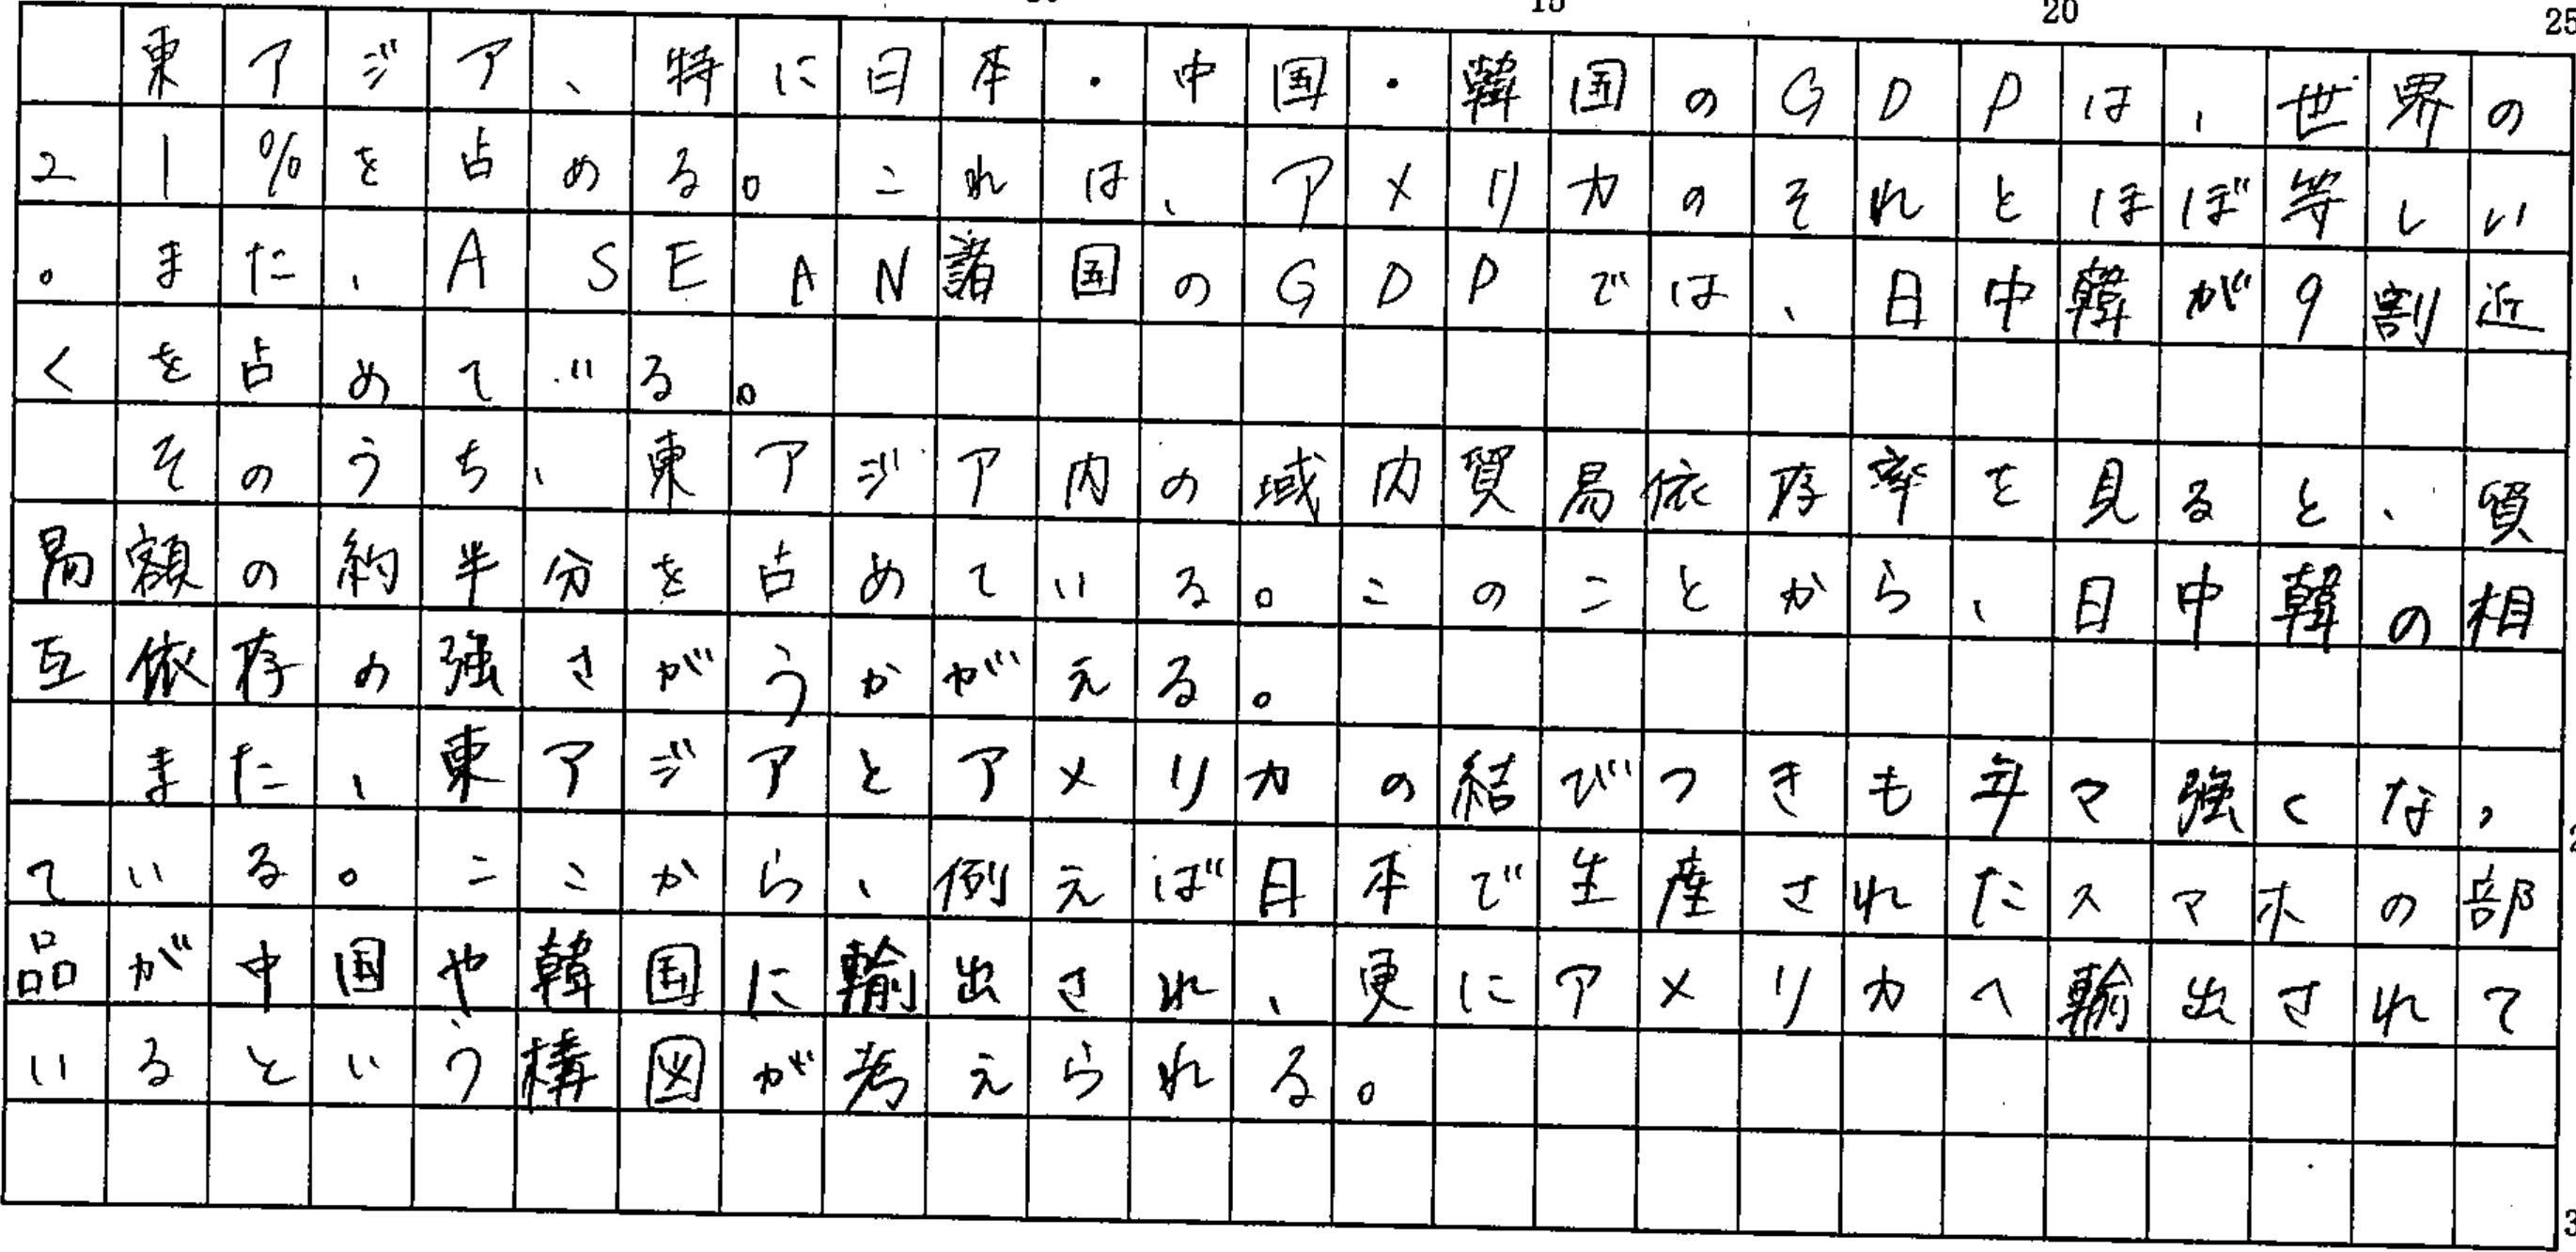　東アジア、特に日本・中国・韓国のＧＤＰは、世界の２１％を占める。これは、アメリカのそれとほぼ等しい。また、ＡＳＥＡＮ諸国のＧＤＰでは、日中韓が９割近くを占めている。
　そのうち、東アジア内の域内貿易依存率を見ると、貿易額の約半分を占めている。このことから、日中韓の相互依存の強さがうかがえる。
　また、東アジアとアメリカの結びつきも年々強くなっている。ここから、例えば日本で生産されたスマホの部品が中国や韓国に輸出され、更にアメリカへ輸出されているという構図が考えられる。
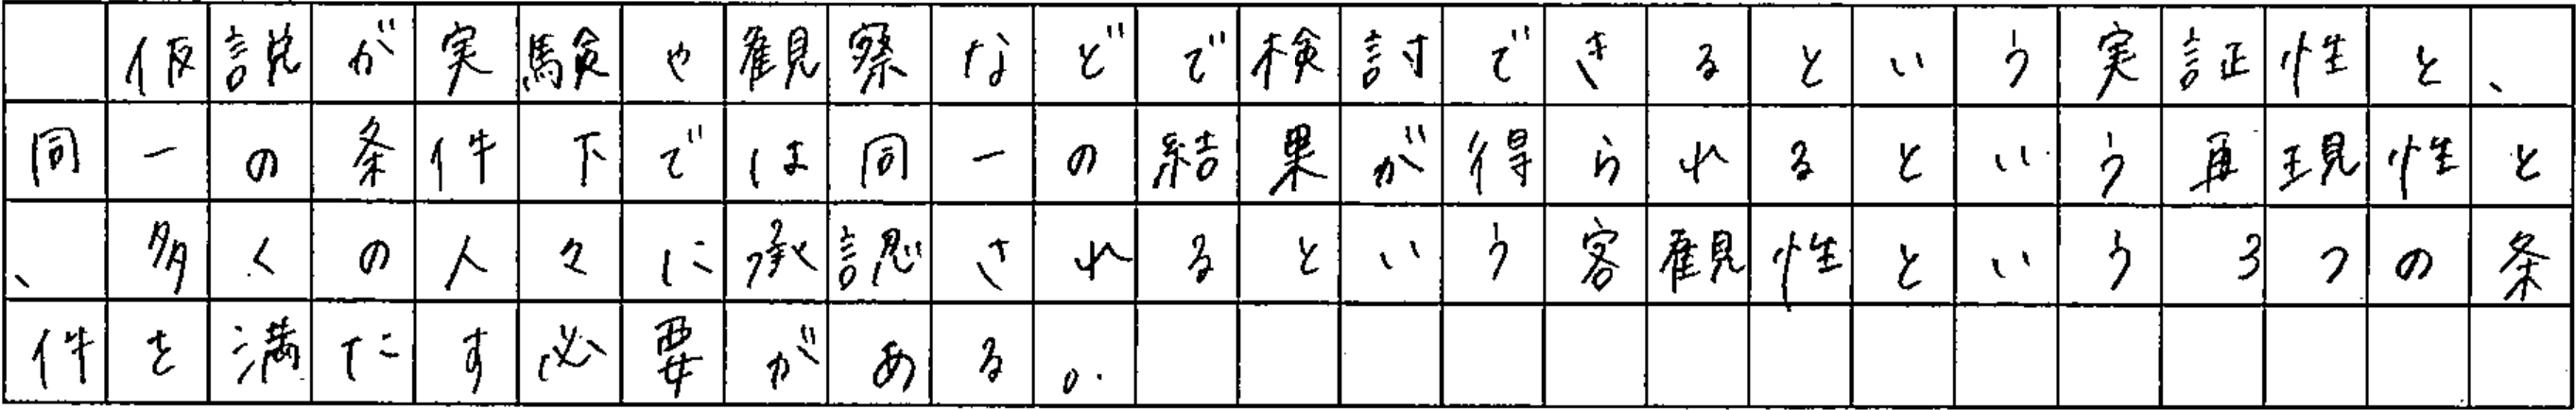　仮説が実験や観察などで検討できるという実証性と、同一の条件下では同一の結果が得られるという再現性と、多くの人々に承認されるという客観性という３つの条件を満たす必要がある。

...

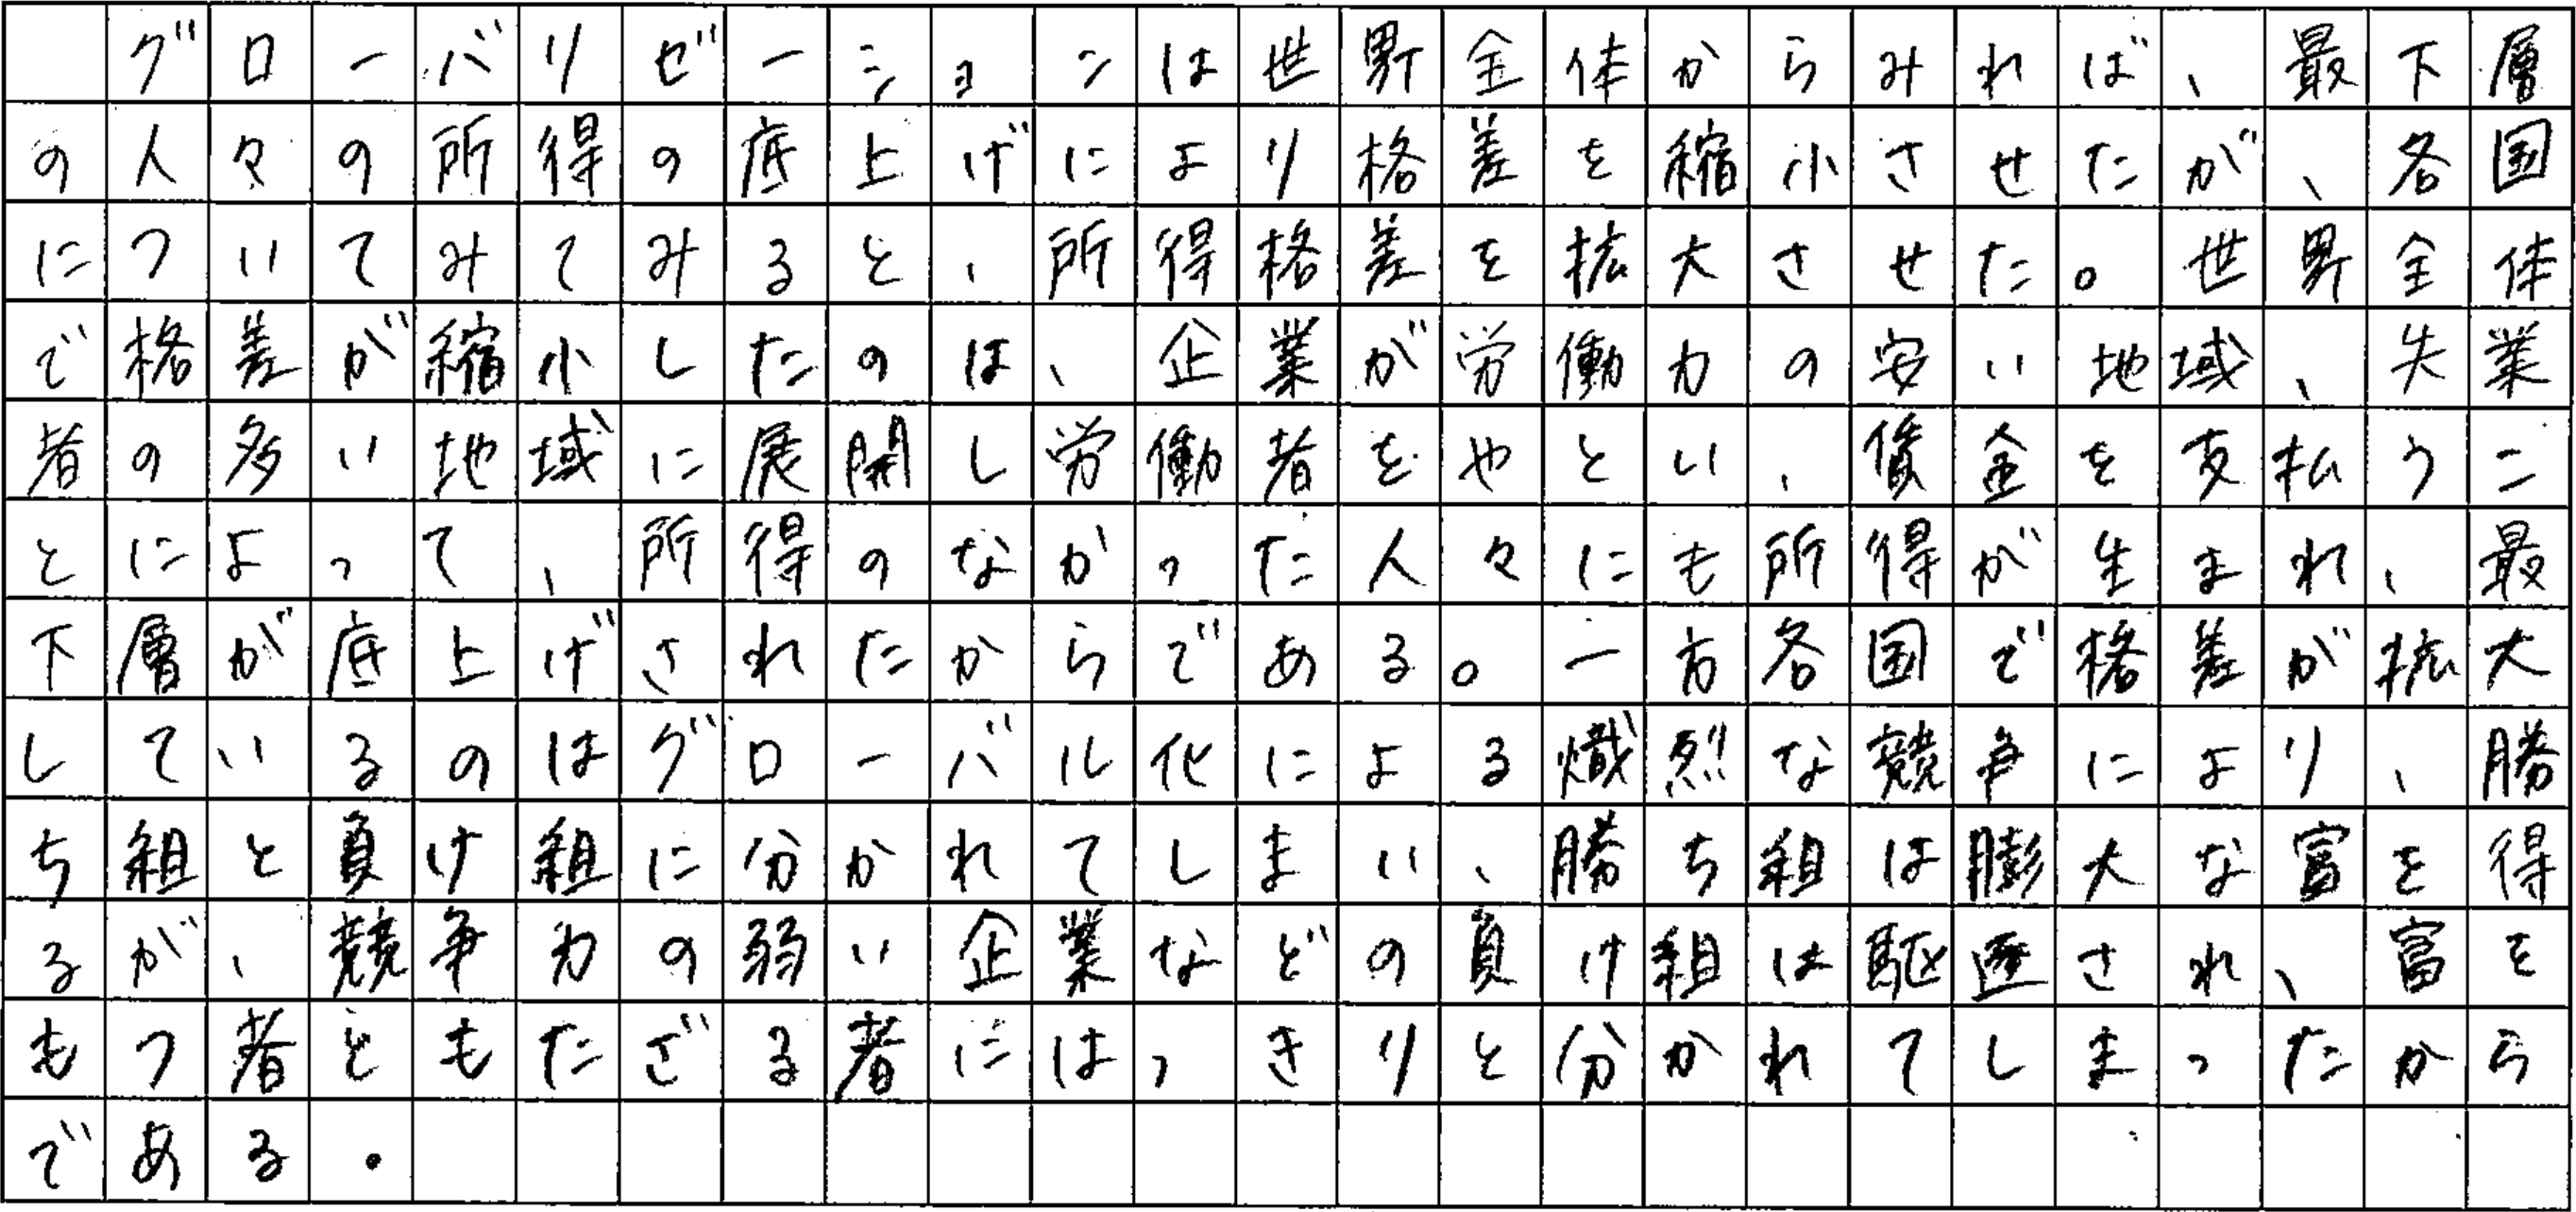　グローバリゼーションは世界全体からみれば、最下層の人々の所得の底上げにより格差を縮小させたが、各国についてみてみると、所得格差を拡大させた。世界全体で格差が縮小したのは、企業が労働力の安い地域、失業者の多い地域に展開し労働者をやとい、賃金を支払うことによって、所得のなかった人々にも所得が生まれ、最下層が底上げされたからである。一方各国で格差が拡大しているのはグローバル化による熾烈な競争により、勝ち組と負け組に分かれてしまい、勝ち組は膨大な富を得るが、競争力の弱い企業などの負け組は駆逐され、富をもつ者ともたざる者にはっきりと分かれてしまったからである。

= WHAT IS NEEDED =
Only the lines above starting with the line with "東アジア、特に日本・中国・韓" and going on through the line with "仮説が実験や観察などで検討で" belong in the answer; repeat them exactly, minus any picture.

= RESPONSE TO THE TASK =
　東アジア、特に日本・中国・韓国のＧＤＰは、世界の２１％を占める。これは、アメリカのそれとほぼ等しい。また、ＡＳＥＡＮ諸国のＧＤＰでは、日中韓が９割近くを占めている。
　そのうち、東アジア内の域内貿易依存率を見ると、貿易額の約半分を占めている。このことから、日中韓の相互依存の強さがうかがえる。
　また、東アジアとアメリカの結びつきも年々強くなっている。ここから、例えば日本で生産されたスマホの部品が中国や韓国に輸出され、更にアメリカへ輸出されているという構図が考えられる。
　仮説が実験や観察などで検討できるという実証性と、同一の条件下では同一の結果が得られるという再現性と、多くの人々に承認されるという客観性という３つの条件を満たす必要がある。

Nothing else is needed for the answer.